There is also the messenger to consider. Biden recently remarked on an "unfair" sexism in the campaign four years ago. Then came an aside, blunt but true: "That's not going to happen with me."
Sanders is summoning 2016 memories of another sort. After his setbacks this month, he finds himself in much the same bind he faced against Clinton, seeking ways to prolong the primary but finding few opportunities for true breakthroughs.
In recent days, Sanders and his allies have made the case that Democrats would be foolish to nominate the more moderate candidate once again, reminding audiences of Biden's potential vulnerabilities on matters of trade and the Iraq War.
"Lots of flashbacks," said Nina Turner, a former Ohio state senator and Sanders' national campaign co-chair. "2016 has never ended."
Trump, she added, was sure to reprise a formula that worked for him the last time, if Democrats let him. "You best believe Donald J. Trump is going to make this a repeat of 2016," Turner said, comparing Biden's record to Clinton's. "There are so many similarities for him to hit."
The president, still known to recount the details of his election victory years after the fact, is not the only veteran of that campaign inclined to linger over it. Clinton is starring in a new documentary series in which her loss is featured prominently.
And Sanders, pressed repeatedly of late about whether his attacks on Biden might damage the former vice president in November, appeared to grow frustrated last week with a trope he recognized well.
"I heard that back in 2016," he told reporters in Phoenix. "2016, the feeling was, 'We should anoint the candidate, and get everybody else - get out of the race.' Is that really what democracy is about?"
Biden has not generally felt like a candidate on a glide path to an anointing, though he has appeared exceedingly happy on the campaign trail in recent days, wearing his signature aviator sunglasses indoors at an ice cream shop in California last week and telling reporters about his cash windfall between spoonfuls.
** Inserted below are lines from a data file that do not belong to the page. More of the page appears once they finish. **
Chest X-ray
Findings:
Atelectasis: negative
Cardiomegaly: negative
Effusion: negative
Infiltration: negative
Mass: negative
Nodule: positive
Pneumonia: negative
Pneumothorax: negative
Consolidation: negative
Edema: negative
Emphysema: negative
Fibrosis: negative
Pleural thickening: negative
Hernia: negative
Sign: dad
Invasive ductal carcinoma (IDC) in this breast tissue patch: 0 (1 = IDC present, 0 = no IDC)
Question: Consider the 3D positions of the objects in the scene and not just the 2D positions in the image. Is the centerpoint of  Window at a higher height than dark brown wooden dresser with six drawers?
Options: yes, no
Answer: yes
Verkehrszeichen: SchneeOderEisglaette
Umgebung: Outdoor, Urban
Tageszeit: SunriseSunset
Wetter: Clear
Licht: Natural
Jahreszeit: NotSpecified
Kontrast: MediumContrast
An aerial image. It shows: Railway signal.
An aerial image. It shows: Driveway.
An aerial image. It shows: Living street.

But winning has not changed the underlying weaknesses that defined him through the early states. Despite the growing presence of teleprompters, he still sometimes sets off on long tangents and makes verbal blunders.
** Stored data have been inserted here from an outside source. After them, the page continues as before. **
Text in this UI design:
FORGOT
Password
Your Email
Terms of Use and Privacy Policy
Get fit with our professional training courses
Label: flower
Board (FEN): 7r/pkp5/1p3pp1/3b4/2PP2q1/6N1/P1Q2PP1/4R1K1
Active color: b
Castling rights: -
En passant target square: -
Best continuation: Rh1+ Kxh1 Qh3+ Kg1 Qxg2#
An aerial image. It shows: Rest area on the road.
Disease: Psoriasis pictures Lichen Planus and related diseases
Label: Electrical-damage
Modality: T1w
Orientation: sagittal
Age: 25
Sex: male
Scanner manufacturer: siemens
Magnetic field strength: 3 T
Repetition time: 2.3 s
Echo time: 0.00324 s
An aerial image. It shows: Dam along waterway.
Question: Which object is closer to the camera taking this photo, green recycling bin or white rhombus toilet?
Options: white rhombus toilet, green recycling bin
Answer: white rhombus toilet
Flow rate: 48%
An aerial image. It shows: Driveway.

He continues to struggle to excite some young people and progressives. He can lose his temper in heated and colorful ways, a trait that delights some voters who take it as a sign of vigor but strikes others as unseemly for a man pursuing the statesman's mantle. (Biden swore at a man in Michigan who had suggested Biden wanted to confiscate guns. "Don't be such a horse's ass," he said at another point in the exchange.)
After Iowa, Biden's team underwent a shake-up, and people inside and outside the campaign have since reported more signs of a righted ship. Just last week, three former rivals - Pete Buttigieg, Amy Klobuchar and Beto O'Rourke - announced their endorsements in the span of a few hours, in an extraordinary show of force that sent Biden into Super Tuesday with a burst of momentum and free media.
It was the kind of dramatic turn that felt essential to boosting a campaign eager for any jolt it could find as it sought to catch up to Sanders, the early delegate leader.
A week later, Biden's success registered as something even more stunning, in its way: a little boring.